Bakın uzlaşmanın ön koşulu öngörülebilirliktir. İnsanlar davanın sonunda ne karar çıkacağını öngörürse yani ne karar çıkacağını 3 aşağı 5 yukarı bilirse uzlaşır. Eğer taraflar dava sonunda ne karar çıkacağını bilmezse uzlaşmaz. Eğer yerleşmiş bir hukuk düzeniniz, oturmuş bir içtihat sisteminiz yoksa, hakim kaliteniz de genel olarak düşükse orada hukuki öngörülebilirlik olmaz, dolayısıyla uzlaşma da olmaz.
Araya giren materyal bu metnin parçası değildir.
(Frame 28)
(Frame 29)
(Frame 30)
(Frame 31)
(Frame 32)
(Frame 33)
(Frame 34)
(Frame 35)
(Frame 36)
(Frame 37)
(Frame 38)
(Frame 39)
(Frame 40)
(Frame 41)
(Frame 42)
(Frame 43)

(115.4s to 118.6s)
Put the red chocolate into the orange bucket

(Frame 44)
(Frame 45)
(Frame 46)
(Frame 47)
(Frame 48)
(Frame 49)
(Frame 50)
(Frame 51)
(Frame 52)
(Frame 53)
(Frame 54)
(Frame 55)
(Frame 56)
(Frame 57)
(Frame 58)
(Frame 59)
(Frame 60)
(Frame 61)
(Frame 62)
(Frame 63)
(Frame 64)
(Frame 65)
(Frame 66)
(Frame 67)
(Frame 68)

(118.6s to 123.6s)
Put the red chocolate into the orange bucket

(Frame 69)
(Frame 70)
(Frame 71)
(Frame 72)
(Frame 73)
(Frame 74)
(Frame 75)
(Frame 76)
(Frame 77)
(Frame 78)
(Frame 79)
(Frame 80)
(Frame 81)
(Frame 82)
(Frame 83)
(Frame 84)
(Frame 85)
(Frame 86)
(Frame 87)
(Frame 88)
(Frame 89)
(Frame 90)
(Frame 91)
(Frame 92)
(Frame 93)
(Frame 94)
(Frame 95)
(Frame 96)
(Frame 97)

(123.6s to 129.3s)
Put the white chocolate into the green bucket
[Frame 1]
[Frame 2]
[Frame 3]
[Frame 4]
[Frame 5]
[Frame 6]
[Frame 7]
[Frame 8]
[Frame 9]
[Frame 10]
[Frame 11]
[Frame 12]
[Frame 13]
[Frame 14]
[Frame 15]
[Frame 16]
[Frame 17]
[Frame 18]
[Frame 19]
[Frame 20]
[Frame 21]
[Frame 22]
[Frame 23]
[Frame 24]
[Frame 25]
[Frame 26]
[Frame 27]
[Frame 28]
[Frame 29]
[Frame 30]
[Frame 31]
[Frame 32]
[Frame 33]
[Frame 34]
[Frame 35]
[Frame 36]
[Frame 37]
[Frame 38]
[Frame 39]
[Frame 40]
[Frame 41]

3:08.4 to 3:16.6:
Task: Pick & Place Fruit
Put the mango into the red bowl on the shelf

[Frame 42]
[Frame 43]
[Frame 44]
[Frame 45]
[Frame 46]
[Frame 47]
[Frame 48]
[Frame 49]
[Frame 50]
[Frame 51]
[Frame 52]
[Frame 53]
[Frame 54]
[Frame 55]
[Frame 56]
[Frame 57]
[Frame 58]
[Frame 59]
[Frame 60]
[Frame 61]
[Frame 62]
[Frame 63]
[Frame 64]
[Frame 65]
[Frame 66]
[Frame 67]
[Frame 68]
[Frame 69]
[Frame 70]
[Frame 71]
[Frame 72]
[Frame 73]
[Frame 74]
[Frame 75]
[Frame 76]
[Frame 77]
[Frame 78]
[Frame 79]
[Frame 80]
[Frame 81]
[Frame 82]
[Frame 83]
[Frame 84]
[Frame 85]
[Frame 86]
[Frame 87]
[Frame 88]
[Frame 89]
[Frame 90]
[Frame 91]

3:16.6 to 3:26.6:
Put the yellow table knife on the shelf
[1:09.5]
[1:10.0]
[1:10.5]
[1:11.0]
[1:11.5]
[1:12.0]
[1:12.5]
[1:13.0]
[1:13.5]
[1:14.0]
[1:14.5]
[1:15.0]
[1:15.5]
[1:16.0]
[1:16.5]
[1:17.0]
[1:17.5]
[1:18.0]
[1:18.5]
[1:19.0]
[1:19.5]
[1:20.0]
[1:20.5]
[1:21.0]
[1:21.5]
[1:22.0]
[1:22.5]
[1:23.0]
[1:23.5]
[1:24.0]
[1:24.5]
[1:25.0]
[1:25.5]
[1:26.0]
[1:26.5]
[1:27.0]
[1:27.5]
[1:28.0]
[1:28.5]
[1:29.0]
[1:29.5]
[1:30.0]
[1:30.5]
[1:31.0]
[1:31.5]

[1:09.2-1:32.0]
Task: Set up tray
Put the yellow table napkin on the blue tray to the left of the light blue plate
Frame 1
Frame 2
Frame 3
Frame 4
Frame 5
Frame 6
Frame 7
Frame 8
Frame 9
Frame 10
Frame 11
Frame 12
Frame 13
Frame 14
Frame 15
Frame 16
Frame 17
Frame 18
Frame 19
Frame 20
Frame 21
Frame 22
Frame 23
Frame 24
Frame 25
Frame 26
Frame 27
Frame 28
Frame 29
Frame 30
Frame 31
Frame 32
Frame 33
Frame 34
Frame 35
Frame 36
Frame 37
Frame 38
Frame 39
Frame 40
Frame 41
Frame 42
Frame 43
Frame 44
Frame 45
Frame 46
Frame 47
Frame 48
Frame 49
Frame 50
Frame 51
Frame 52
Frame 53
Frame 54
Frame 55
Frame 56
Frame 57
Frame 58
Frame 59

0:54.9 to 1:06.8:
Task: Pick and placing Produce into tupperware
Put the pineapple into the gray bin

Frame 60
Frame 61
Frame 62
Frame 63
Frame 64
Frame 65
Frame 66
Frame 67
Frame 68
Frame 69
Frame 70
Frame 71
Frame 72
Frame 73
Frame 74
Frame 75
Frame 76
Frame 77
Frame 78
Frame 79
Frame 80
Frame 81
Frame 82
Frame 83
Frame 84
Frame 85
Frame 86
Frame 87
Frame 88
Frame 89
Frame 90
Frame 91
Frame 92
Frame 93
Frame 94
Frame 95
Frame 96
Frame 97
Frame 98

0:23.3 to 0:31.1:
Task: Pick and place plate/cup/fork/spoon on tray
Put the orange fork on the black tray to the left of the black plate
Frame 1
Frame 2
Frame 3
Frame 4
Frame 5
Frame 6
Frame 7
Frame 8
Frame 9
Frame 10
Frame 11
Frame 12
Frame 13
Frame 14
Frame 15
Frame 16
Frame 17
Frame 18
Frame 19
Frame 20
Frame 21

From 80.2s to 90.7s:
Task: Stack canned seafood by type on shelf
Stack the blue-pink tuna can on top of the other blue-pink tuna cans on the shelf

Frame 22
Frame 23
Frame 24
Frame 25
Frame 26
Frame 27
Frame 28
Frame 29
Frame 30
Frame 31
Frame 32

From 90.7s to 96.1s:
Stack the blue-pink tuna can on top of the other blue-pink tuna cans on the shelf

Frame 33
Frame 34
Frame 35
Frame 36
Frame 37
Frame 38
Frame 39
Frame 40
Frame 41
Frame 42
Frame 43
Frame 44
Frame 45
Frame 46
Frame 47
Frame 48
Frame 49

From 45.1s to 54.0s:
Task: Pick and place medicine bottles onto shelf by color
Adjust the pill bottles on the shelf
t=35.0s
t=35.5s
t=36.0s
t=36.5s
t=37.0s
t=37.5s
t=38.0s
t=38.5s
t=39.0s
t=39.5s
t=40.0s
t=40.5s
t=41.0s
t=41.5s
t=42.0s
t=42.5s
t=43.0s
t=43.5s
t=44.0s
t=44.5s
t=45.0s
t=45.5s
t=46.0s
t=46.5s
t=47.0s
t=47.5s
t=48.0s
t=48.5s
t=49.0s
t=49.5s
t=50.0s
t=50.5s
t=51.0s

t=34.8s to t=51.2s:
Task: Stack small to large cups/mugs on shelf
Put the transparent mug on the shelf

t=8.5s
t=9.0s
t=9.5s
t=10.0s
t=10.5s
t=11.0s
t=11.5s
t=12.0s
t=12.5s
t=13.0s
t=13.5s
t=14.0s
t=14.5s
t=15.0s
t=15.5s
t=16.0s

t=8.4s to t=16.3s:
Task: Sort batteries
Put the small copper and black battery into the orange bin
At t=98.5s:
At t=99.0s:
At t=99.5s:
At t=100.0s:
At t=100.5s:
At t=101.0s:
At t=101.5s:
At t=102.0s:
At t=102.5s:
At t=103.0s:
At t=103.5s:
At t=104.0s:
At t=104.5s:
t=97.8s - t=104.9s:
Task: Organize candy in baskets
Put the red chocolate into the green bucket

ABD ve İngiltere'de birbirini takip eden tutarlı içtihatlarla oluşmuş bir hukuk sitemi var ve dolayısıyla mahkeme kararları tamamen öngörülebilir durumda. Bu ülkelerde hukuki ihtilafı bir avukata anlatırsanız o avukat daha dava açılmadan davanın nasıl sonuçlanacağını %99 kesinlikte söyleyebilir size. Mesela kırmızı ışıkta geçip yayaya çarpıp kolunu kıran biri için açılacak davada hükmedilecek tazminatın miktarını bile aşağı yukarı tahmin etmek mümkündür. Dolayısıyla gerek davacı gerek davalı dava sonunda ne karar çıkacağı biliyor. Örneğin davacı ve davalı dava sonunda $500,000 tazminat çıkacağını tahmin ediyorsa davacı, davalıya daha duruşmalar başlamadan $400,000 teklif ediyor. Niye bu teklifi yapıyor çünkü sonucu öngörüyor, öngörmese bu teklifi yapar mı? Davacı da bakıyor ve eğer duruşma aşamasına geçilirse dava 2-3 yıl sürecek, davayı kazanacak ama para 3 yıl sonra gelecek. O da şimdi alınacak $450,000 3 yıl sonra gelecek $500,000'dan iyidir diye $450,000 karşı teklif yapıyor ve karşılıklı müzakereler sonrasında taraflar $425,000'da anlaşıyor.
Dolayısıyla uzlaşmanın temeli, davalının daha az ödeme, davacının ise hızlı ödeme alma motivasyonudur. Türkiye'de hangi davadan ne karar çıkacağı belli değil. Bırakın dava sonunda ne rakama hükmedileceğini, davacının davayı kazanıp kazanamayacağını bile taraflar öngöremiyor. Bizde dava sonucu genelde bir soru işareti.
Hukuk belirsiz, mahkeme kararları öngörülemez olduğu için Türkiye'de uzlaşma çalışmıyor. Arabuluculuk kurumu ise yargı sürecini uzatmaktan, gereksiz emek, zaman ve para kaybından başka bir işe yaramıyor. Mevcut haliyle arabuluculuğun zararının faydasından çok olduğunu ve kaldırılması gerektiğini düşünüyorum.
Bu arada şöyle bir soru akla gelebilir: açılan davaların tamamına yakını uzlaşma ile sonuçlanıyorsa avukatlar nasıl para kazanıyor? Davanın duruşma öncesi (pre-trial) aşamasını yani dilekçeler teatisini, duruşma öncesi toplantıları ve uzlaşma müzakerelerini avukatlar takip ediyor ve bu iş için ücret alıyorlar. Uzlaşma olduğunda da avukatlar ayrıca ücret alıyor.